Kurtulmuş’un “vesayetle” ilgili son sözleri ise şu oldu:
“Vesayetlerle mücadele etmek bu 20 yıllık sürecin en önemli kazanımlarından biridir. Asla geriye doğru gitmeyeceğiz. AK Parti kadroları olarak, AK Parti ailesi olarak bu büyük vesayetlerle mücadelede elde ettiğimiz kazanımların kadri kıymetini bileceğiz.”
Bu ifadeleri niye mi önemsedik? Çünkü Kurtulmuş, Erdoğan’ın vekili; yani bir anlamda onun adına konuşuyor, sözleri onu da bağlıyor.
“Vesayetle” Böyle Mücadele Ettiler
O halde AKP, “vesayetle” nasıl ve hangi yöntemlerle mücadele etti, bunu bir kez daha hatırlamamız gerekmiyor mu?
Burada da biz susalım, bizzat AKP’liler konuşsun.
2007-2011 yıllarında, yani TSK’ya kumpasların kurulduğu dönemde AKP Milletvekili olan Abdurrahman Kurt, Aralık 2014’te canlı yayında, “Askeri vesayeti bitirmek için biz, Cemaat ve ABD ortak çalıştık.” demedi mi?

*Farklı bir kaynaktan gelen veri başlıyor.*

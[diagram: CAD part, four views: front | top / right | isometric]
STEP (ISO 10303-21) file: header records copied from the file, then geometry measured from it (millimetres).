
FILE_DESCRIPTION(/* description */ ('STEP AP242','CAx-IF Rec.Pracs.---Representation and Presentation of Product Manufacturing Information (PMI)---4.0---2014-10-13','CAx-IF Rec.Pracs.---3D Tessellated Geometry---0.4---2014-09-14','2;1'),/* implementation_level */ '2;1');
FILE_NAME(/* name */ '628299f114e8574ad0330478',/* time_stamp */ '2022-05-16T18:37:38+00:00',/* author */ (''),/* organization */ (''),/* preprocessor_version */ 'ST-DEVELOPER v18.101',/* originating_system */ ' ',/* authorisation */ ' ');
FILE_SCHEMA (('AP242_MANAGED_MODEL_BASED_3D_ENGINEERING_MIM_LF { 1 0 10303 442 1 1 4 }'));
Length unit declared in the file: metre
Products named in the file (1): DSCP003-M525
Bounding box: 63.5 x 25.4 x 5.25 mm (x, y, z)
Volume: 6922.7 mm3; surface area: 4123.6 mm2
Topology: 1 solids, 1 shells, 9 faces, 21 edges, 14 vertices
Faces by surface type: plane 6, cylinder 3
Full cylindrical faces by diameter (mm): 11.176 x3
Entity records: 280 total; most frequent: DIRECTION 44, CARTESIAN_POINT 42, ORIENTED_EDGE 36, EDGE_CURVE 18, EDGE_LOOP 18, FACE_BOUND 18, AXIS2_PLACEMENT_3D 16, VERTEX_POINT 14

Ve bu isim AKP’nin geçen yılki Olağan Büyük Kongresi’nde partinin MKYK üyesi yapılmadı mı?
Bir başka AKP’li; Tanıtım ve Medya Başkan Yardımcısı Emre Cemil Ayvalı yine bir canlı yayında, şu itirafta bulunmadı mı?
“AK Parti, FETÖ ile kol kola girdiyse, bunu farklı darbecileri tasfiye etmek için yaptı. 2002’de iktidara gelmişim, sene 2007 – 2008. Benim bir müsteşar atamam için bu adamın genel müdür olarak 12 yılı doldurması lâzım. Bir tarafta darbeci Kemalist gelenek vardı, bir tarafta da FETÖ vardı. Bunları birbirine kırdırmak suretiyle yol almak mecburiyetinde kaldım. Mesele budur.”

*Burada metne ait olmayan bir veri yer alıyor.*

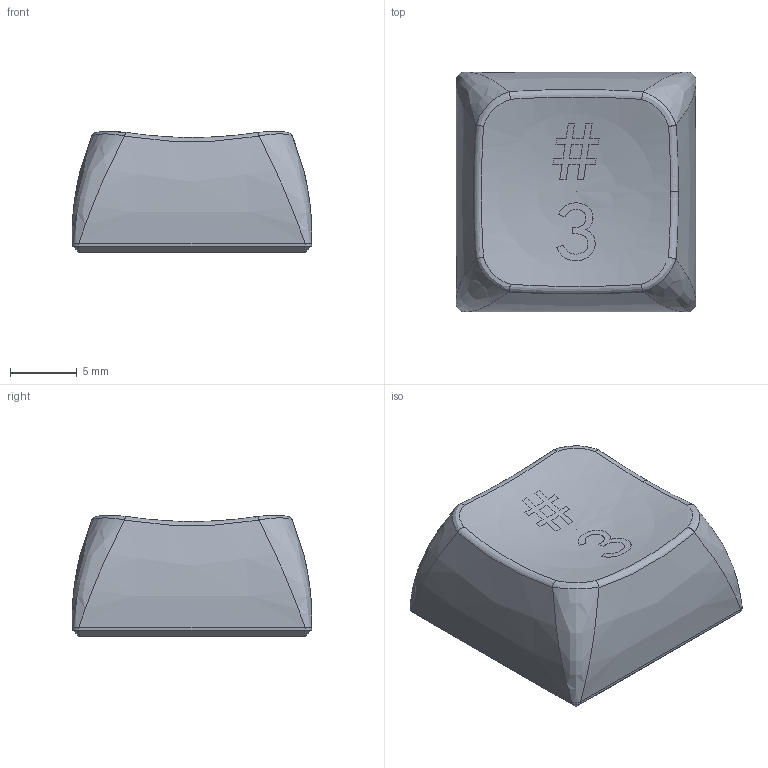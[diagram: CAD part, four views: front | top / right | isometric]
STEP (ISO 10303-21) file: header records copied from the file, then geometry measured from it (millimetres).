
FILE_DESCRIPTION(('Open CASCADE Model'),'2;1');
FILE_NAME('3#','2025-07-26T23:18:24',('Author'),('Open CASCADE'), 'Open CASCADE STEP processor 7.8','build123d','Unknown');
FILE_SCHEMA(('AUTOMOTIVE_DESIGN { 1 0 10303 214 1 1 1 1 }'));
Length unit declared in the file: millimetre
Products named in the file (7): =>[0:1:1:2]; 3#; SOLID; ASSEMBLY
Assembly tree (6 placements, depth 5):
  =>[0:1:1:2]
    3#
      SOLID
      ASSEMBLY
        ASSEMBLY
          SOLID
          SOLID
Bounding box: 18 x 18 x 9.08 mm (x, y, z)
Volume: 1259.6 mm3; surface area: 1558.9 mm2
Topology: 3 solids, 3 shells, 152 faces, 410 edges, 265 vertices
Faces by surface type: plane 101, bspline 26, cylinder 9, extrusion 8, sphere 4, cone 4
Full cylindrical faces by diameter (mm): 5.5 x1
Entity records: 19410 total; most frequent: CARTESIAN_POINT 11697, DIRECTION 1269, ORIENTED_EDGE 810, PCURVE 810, DEFINITIONAL_REPRESENTATION 810, VECTOR 708, LINE 700, EDGE_CURVE 405

Sonra ne oldu? Tepkiler üzerine Ayvalı istifa etmek zorunda kaldı. Ancak sadece 10 ay sonra, Erdoğan’ın oluruyla görevine geri döndü.

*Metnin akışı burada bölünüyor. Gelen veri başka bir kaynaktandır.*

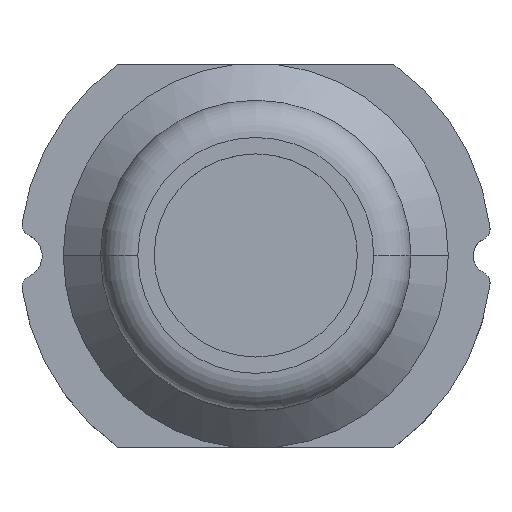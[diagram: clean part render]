
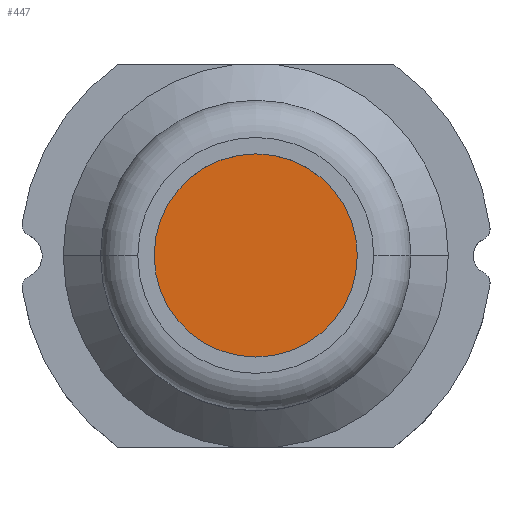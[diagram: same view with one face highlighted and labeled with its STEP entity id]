
A CAD part, top view. The second image highlights one B-rep face of the part: STEP entity #447.
In plain terms, the highlighted planar face has unit normal (0, 0, 1).
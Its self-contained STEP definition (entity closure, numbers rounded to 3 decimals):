
#23 = CARTESIAN_POINT ( 'NONE',  ( 0.818, 0., 2.95 ) ) ;
#31 = ORIENTED_EDGE ( 'NONE', *, *, #1496, .T. ) ;
#124 = ORIENTED_EDGE ( 'NONE', *, *, #324, .T. ) ;
#145 = CIRCLE ( 'NONE', #373, 0.818 ) ;
#192 = CARTESIAN_POINT ( 'NONE',  ( 0., 0., 2.95 ) ) ;
#256 = VERTEX_POINT ( 'NONE', #515 ) ;
#324 = EDGE_CURVE ( 'NONE', #256, #1458, #145, .T. ) ;
#372 = DIRECTION ( 'NONE',  ( 0., 0., 1. ) ) ;
#373 = AXIS2_PLACEMENT_3D ( 'NONE', #1808, #372, #1356 ) ;
#447 = ADVANCED_FACE ( 'NONE', ( #1590 ), #465, .T. ) ;
#465 = PLANE ( 'NONE',  #1084 ) ;
#515 = CARTESIAN_POINT ( 'NONE',  ( -0.818, 0., 2.95 ) ) ;
#700 = DIRECTION ( 'NONE',  ( 1., 0., 0. ) ) ;
#760 = DIRECTION ( 'NONE',  ( 0., 0., 1. ) ) ;
#876 = DIRECTION ( 'NONE',  ( 1., 0., 0. ) ) ;
#1080 = EDGE_LOOP ( 'NONE', ( #31, #124 ) ) ;
#1084 = AXIS2_PLACEMENT_3D ( 'NONE', #192, #760, #876 ) ;
#1356 = DIRECTION ( 'NONE',  ( 1., 0., 0. ) ) ;
#1414 = CARTESIAN_POINT ( 'NONE',  ( 0., 0., 2.95 ) ) ;
#1458 = VERTEX_POINT ( 'NONE', #23 ) ;
#1479 = CIRCLE ( 'NONE', #1703, 0.818 ) ;
#1496 = EDGE_CURVE ( 'NONE', #1458, #256, #1479, .T. ) ;
#1569 = DIRECTION ( 'NONE',  ( 0., 0., 1. ) ) ;
#1590 = FACE_OUTER_BOUND ( 'NONE', #1080, .T. ) ;
#1703 = AXIS2_PLACEMENT_3D ( 'NONE', #1414, #1569, #700 ) ;
#1808 = CARTESIAN_POINT ( 'NONE',  ( 0., 0., 2.95 ) ) ;

İktidarın en sevdiği gazetecilerden birisinin 2017’de, üstelik Erdoğan’ın gazetesinde çalışırken yazdıklarını da ekleyelim. Açık açık şunları dillendirmedi mi?
“2007-13 döneminde eski rejim aktörlerine yönelik tasfiyelerin de baş aktörü Fetullah Gülen ve örgütüydü. Elbette bu tasfiyelerin arkasında hem siyasi irade hem de çok büyük toplumsal destek vardı. Fakat Gülen’in 1970’lerin sonundan itibaren devletin ve yargının içine ektiği fidanlar ağaç olmasa bu devrim yapılamazdı ve askeri vesayet rejimini hiçbir güç yıkamazdı. Dolayısıyla AK Parti ile Gülenciler arasında işbirliği bir tercih değil mecburiyetti… Türk devriminin ilk aşamasından sonra başlayan ‘Devrim içinde Devrim’ (2013-17) süreci gayet başarıyla tamamlanmıştır.”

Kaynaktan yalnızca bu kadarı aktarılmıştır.